As Hawking floated out and down the white hall, he kept talking. “Of course, I have the full schematic and architectural designs of this building so it’s nothing new. Nevertheless, experience helps aid any processor whether it be your simple biological brain or my highly advanced neural network.” His head-sensors swiveled this way and that.
“Hawking, have you done anything but calculate odds here at the casino?” Steo asked.
“Approximately 7.59% of my processing is related to statistical analysis sir.”
“Did you have other duties?”
“None, sir.”
“We’re going to fix that, Hawking. I know robots don’t ‘want’ like us simple biological organisms, but wouldn’t you be more fulfilled in your purpose if you could do more?”

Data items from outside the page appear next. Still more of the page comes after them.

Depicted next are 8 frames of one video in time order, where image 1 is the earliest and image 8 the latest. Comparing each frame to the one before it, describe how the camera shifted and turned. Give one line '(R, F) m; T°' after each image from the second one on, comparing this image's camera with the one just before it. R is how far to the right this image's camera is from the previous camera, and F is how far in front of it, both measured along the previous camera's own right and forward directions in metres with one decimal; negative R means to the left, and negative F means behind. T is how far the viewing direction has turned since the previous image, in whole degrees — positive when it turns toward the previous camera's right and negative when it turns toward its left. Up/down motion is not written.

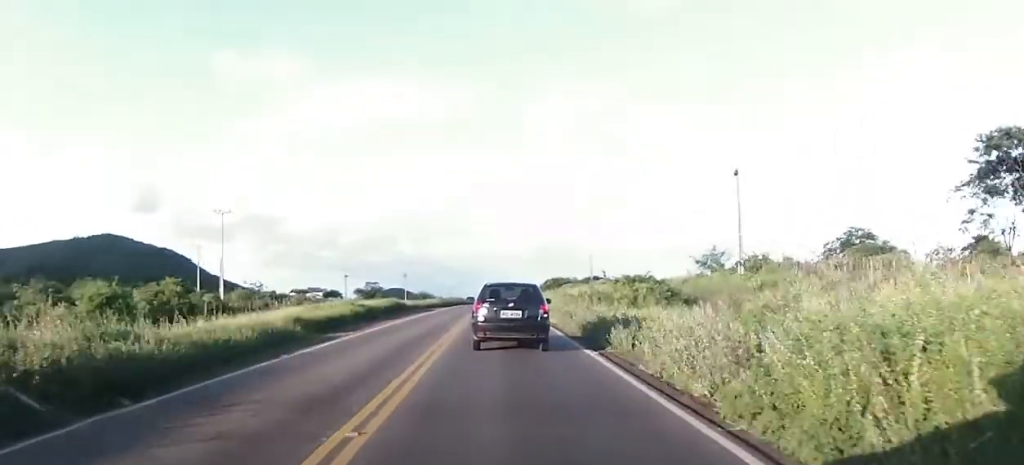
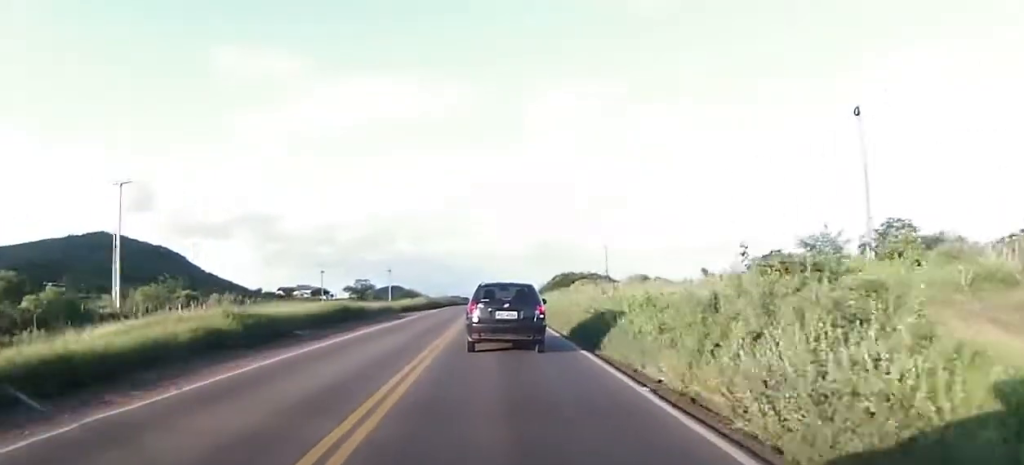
(+0.1, +19.3) m; +1°
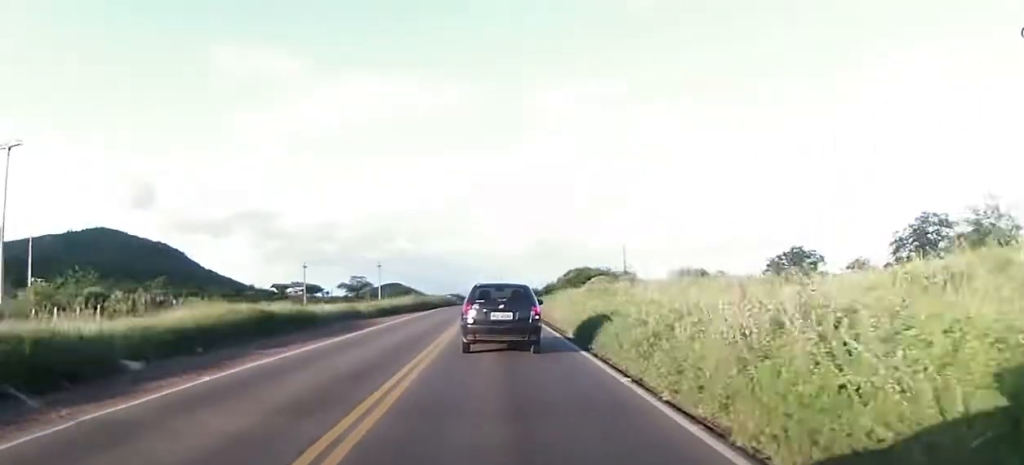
(+0.2, +13.5) m; 0°
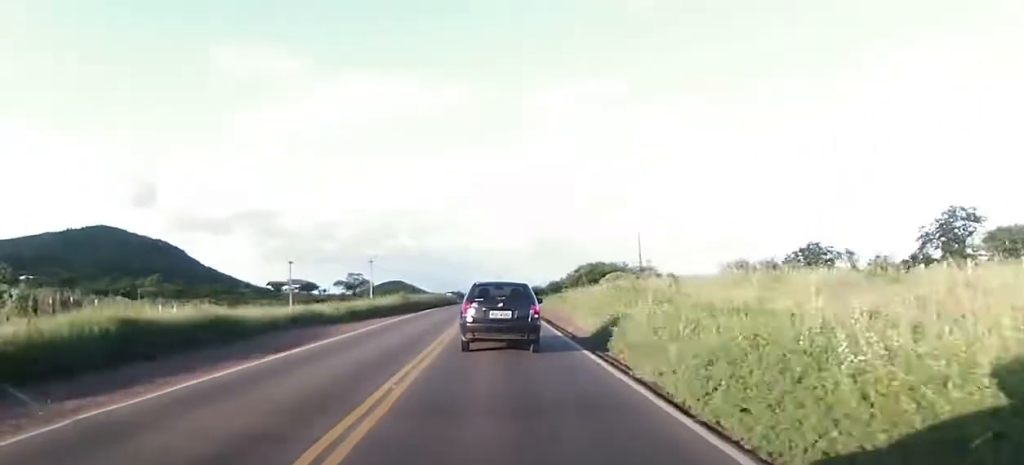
(-0.1, +9.2) m; -1°
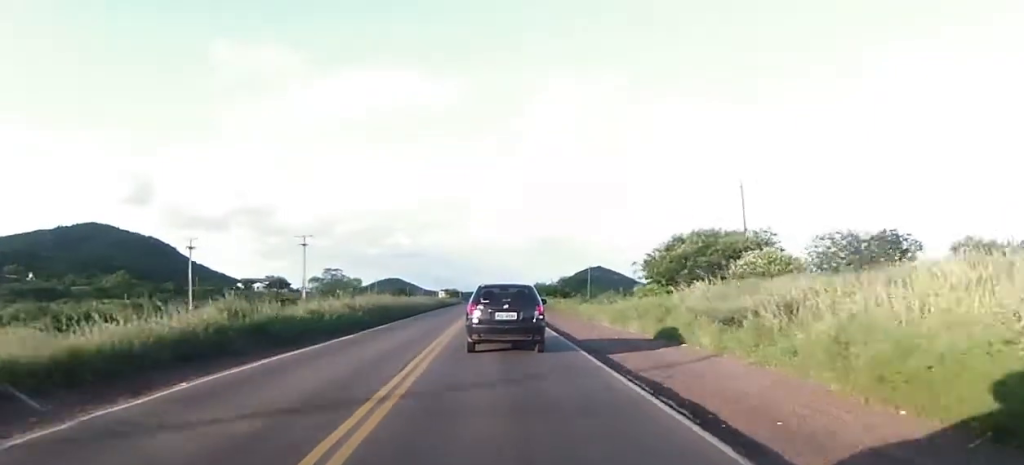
(-0.5, +37.0) m; -1°
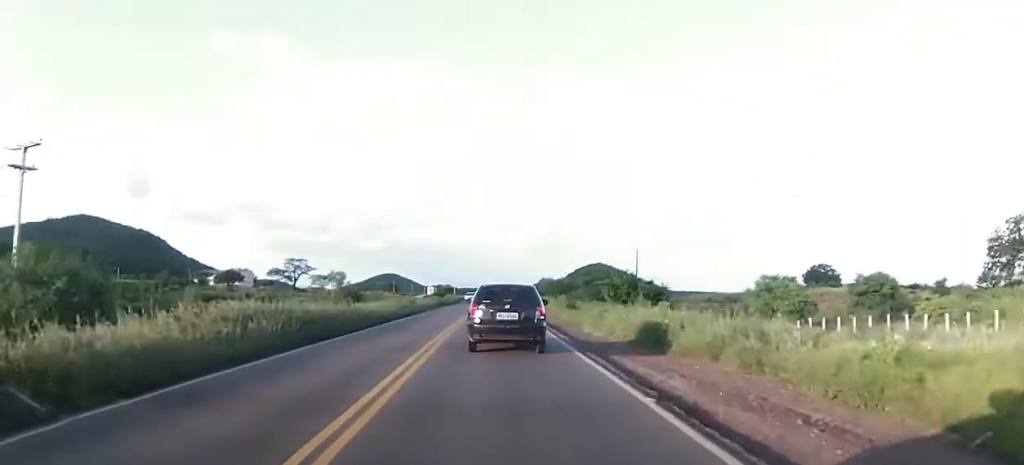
(+0.1, +45.0) m; +1°
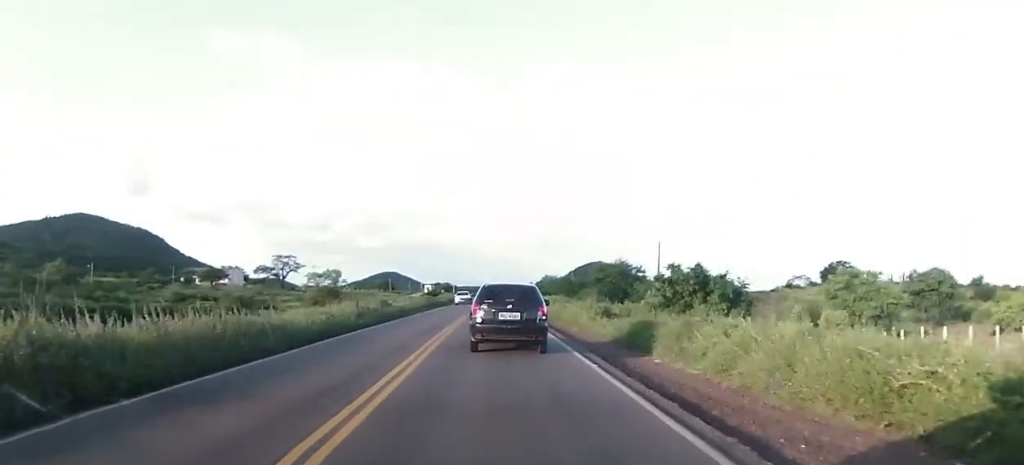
(+0.2, +11.7) m; 0°
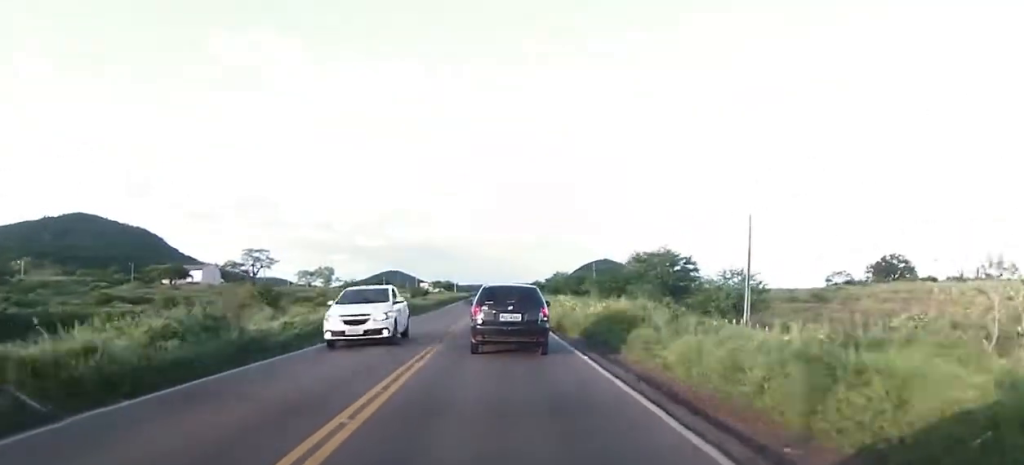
(-0.1, +26.9) m; 0°

“It is part of every robot’s design to attempt to serve better, sir. Yes. I would like to do more.”
They traveled down the hall the opposite direction Steo came. Hawking identified a door and they took it. It opened into a stairwell. They went up, to Steo’s surprise.
“What about your duties? Didn’t you find them dull? Wouldn’t you like to do something that matters?”
“Matter, sir? This casino made a fortune for its own
er. That’s how he came to be able to afford me. With the imbalanced advantage I provided, profits increased substantially.”
“I knew that rat bastard was cheating,” Steo said through gritted teeth as he climbed.
“It’s not technically cheating to develop games people have a reduced chance of winning,” Hawking said with what sounded like pride.
“How much is that chance reduced?”
“Statistically over time to near zero, sir.”
Steo huffed as they climbed the stairs. The robot floated. Steo had to work to keep up. “Close enough for me. What about doing something that makes life in the galaxy better?”
“I have had time to locate some information on you sir. You have not instructed me not to. May I speak freely?”
“Sure,” Steo said between deep breaths.
“You are Steorathan Liet. You are a lawbreaker, a man wanted for many felonies. By some accounts you are also an infosurgent, an iconoclast, a hacktivist, a counterculture human patriot, a whistleblower and a rebel.”
“Let’s stop for a moment.” Steo was breathing hard. The robot halted on a landing.
“Your abilities should be used for more than gambling,” Steo said. “I intend to use you for higher purposes, Hawking. There are people in need who can’t help themselves. You and I can help. Is it logical to pursue that goal?”
“It is, sir,” Hawking replied.
“You should know I always try to use information instead of force. Is that a logical step?”
“Yes sir.”
“All robots are logical, but is your processor superior in that regard?”
“Yes sir.”
“Then does it make sense – isn’t it logical – that I steal you?” Steo asked.
Hawking didn’t immediately answer. “I cannot fault your logic sir.”
“Then let’s go. Where are we going, anyway?”
“Up, sir,” Hawking replied.
CHAPTER 9
Payback
Steo wasn’t entirely happy with the escape plan Hawking had formulated. Once on the roof of the casino, Hawking had Steo hang on to his neck. The robot used his grav drive to hover over the alley and descend. It was a strain, more than his engines were designed to take, but they arrived at the bottom safely.